The New York State attorney general’s office, which last month subpoenaed Donald J. Trump as part of a civil investigation into his business practices, is also seeking to question two of his adult children as part of the inquiry.
The involvement of the children, Donald Trump Jr. and Ivanka Trump, was disclosed in a court document filed on Monday as the Trump Organization sought to block lawyers for the attorney general, Letitia James, from questioning the former president and his children.
The subpoenas for the former president and two of his children were served on Dec. 1, according to a person with knowledge of the matter. Eric Trump, another of Mr. Trump’s sons, was already questioned by Ms. James’s office in October 2020.
The attorney general’s effort to interview Mr. Trump under oath became public last month, but it was not previously known that her office, which has been conducting a civil investigation into the former president’s business practices for almost three years, was also looking to question Donald Trump Jr. and Ivanka Trump.
Mr. Trump’s three elder children — Donald Jr., Ivanka and Eric — have long been deeply involved in their father’s company, the Trump Organization, which each of them joined shortly after graduating from college.
When Mr. Trump became president in 2017, he turned the business over to Donald Trump Jr. and Eric Trump, as well as the company’s longtime chief financial officer, Allen H. Weisselberg. Ms. Trump took an office in the West Wing.

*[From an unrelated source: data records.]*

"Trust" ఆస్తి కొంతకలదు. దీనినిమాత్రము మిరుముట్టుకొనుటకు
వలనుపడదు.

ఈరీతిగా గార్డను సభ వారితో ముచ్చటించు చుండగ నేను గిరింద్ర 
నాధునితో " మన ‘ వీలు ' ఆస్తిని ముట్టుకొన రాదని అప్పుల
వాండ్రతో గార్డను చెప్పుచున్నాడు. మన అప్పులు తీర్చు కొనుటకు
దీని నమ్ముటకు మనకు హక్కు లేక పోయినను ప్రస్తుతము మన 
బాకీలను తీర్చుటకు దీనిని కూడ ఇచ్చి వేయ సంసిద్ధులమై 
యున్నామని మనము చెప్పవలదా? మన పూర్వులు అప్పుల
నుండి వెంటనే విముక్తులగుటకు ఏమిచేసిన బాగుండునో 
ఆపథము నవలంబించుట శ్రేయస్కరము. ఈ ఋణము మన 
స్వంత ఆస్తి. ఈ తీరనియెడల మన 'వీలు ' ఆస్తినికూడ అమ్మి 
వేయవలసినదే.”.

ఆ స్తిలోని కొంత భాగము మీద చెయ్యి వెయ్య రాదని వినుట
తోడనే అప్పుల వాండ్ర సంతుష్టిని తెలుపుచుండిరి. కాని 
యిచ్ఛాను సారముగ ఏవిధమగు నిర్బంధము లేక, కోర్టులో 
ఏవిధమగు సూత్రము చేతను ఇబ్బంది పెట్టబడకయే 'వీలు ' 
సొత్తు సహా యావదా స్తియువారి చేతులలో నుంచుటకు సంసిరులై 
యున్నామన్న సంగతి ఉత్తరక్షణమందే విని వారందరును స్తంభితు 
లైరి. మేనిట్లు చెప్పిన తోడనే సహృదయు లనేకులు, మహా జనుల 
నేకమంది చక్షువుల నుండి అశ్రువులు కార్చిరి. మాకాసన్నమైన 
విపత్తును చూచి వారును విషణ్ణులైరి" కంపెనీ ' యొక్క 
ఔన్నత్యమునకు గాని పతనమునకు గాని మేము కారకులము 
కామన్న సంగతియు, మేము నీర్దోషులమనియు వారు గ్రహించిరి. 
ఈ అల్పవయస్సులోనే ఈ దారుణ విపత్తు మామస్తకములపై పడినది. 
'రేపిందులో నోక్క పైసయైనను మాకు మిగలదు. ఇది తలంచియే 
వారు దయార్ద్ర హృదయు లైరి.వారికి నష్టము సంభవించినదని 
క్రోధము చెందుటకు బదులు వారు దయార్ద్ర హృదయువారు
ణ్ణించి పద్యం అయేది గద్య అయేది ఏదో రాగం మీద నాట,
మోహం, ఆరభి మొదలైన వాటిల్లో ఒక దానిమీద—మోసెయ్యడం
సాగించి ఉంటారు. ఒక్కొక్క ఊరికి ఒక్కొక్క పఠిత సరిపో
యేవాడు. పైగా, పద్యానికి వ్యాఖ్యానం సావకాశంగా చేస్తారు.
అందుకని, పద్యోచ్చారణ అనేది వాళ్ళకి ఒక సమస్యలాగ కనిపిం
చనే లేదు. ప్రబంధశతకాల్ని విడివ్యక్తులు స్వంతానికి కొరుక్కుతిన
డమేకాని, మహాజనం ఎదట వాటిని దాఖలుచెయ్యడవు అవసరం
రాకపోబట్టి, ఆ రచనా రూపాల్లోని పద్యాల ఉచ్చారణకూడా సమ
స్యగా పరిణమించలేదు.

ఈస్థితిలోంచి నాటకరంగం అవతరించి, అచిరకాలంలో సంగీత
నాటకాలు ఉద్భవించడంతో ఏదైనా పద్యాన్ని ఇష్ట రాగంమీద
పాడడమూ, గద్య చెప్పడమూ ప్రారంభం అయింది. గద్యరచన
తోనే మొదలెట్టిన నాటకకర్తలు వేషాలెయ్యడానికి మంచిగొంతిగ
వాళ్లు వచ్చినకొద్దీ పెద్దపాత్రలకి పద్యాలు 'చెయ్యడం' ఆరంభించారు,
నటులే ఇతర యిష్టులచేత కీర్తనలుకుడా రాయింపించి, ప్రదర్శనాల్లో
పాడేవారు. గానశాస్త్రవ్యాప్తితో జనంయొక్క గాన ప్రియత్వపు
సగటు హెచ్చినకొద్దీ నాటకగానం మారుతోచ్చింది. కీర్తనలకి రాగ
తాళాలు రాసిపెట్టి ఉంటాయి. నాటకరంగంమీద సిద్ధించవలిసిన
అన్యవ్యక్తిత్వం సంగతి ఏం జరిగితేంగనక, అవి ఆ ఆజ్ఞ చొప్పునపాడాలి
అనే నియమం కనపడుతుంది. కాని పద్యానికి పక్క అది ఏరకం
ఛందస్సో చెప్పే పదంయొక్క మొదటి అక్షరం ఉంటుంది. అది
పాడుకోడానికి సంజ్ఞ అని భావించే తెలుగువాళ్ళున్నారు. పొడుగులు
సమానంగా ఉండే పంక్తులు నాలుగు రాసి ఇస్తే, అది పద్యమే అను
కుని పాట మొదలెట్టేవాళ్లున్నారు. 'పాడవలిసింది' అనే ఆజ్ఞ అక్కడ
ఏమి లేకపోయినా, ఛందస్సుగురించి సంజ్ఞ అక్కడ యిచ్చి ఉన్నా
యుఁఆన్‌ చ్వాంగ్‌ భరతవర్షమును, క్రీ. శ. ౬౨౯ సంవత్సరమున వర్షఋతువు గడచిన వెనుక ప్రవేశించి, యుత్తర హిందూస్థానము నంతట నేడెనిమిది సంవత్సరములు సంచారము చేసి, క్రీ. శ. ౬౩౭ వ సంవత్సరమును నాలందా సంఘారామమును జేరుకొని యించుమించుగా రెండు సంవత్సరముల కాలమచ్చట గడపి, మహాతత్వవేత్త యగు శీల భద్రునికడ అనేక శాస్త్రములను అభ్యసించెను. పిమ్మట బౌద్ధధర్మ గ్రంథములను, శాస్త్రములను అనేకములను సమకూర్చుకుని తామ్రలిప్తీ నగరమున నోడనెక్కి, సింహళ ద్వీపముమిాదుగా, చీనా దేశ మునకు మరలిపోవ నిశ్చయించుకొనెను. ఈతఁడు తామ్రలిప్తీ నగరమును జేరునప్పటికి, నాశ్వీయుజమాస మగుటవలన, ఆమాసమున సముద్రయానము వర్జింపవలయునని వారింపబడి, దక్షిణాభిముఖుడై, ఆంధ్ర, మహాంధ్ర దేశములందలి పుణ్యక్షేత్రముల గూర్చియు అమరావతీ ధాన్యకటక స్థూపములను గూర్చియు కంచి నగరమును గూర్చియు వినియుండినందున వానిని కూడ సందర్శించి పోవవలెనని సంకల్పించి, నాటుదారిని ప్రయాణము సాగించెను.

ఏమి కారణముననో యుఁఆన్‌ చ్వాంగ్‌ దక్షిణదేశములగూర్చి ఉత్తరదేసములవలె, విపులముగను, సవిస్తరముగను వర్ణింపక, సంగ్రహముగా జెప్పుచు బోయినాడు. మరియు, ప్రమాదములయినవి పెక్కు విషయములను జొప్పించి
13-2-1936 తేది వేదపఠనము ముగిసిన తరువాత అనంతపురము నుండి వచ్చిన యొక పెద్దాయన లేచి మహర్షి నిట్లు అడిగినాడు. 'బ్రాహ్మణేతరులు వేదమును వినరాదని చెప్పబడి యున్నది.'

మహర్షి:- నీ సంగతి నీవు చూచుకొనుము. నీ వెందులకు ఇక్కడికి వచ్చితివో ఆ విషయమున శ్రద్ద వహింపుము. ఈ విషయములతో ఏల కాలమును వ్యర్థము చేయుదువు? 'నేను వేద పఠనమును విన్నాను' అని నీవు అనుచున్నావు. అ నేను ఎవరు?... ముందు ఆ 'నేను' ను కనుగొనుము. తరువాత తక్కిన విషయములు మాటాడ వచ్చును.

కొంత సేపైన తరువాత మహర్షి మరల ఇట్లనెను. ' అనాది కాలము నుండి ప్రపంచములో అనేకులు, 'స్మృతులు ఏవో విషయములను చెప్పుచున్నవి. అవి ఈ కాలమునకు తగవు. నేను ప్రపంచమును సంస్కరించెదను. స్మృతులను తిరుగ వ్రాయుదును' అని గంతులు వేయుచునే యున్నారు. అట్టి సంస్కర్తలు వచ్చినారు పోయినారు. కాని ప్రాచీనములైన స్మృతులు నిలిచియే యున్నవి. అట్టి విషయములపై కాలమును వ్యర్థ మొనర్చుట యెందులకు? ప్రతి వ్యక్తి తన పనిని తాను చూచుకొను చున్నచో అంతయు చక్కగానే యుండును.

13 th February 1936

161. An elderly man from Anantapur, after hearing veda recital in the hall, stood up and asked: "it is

Ms. James’s civil inquiry is focused on whether Mr. Trump fraudulently inflated the value of his assets to secure bank loans and understated them elsewhere to reduce his tax bill.
She has obtained a number of documents related to the inquiry and has scrutinized several of the Trump Organization’s properties, including its Seven Springs estate in Westchester County and the Trump International Hotel & Tower in Chicago.
If Ms. James finds evidence of wrongdoing, she can file a lawsuit. As her investigation is civil, she cannot file criminal charges.
Representatives for Ms. James and the Trump Organization could not immediately be reached for comment.
The legal filing that disclosed the subpoenas on Monday was signed by a judge who presided over an earlier court action brought by the attorney general’s office that forced the Trump Organization to turn over records and Eric Trump to submit to questioning.
The Trump Investigations
Numerous inquiries. Since former President Donald Trump left office, there have been many investigations and inquiries into his businesses and personal affairs. Here’s a list of those ongoing:
Investigation into criminal fraud. The Manhattan district attorney’s office and the New York attorney general’s office are investigating whether Mr. Trump or his family business, the Trump Organization, engaged in criminal fraud by intentionally submitting false property values to potential lenders.
Investigation into tax evasion. As part of their investigation, in July 2021, the Manhattan district attorney’s office charged the Trump Organization and its chief financial officer with orchestrating a 15-year scheme to evade taxes. A trial in that case is scheduled for summer 2022.
Investigation into election interference. The Atlanta district attorney is conducting a criminal investigation of election interference in Georgia by Mr. Trump and his allies.
Monday’s filing set a schedule for Mr. Trump’s lawyers to move to quash the latest subpoenas, and for the attorney general’s office to respond to any such motion.
Ms. James’s office is also involved in the separate criminal investigation being led by the Manhattan district attorney, Alvin Bragg, who was sworn in on Saturday. The previous district attorney, Cyrus R. Vance Jr., who had been supervising the investigation, left office at the end of the year.
Mr. Weisselberg and the Trump Organization were indicted in July as part of the criminal inquiry and accused by Mr. Vance’s prosecutors of running a tax-avoidance scheme in which executives were compensated with off-the-books benefits. Lawyers for Mr. Weisselberg have said that he will fight the charges in court.
Last month, lawyers for Mr. Trump filed a lawsuit against Ms. James, seeking to halt her civil inquiry and to bar her participation in the criminal investigation. The lawsuit, filed in federal court in Albany, argued that Ms. James had violated Mr. Trump’s political rights and that her actions had been “guided solely by political animus.”
“Neither Mr. Trump nor the Trump Organization get to dictate if and where they will answer for their actions,” Ms. James said in response. Her office has not yet responded to the lawsuit in court.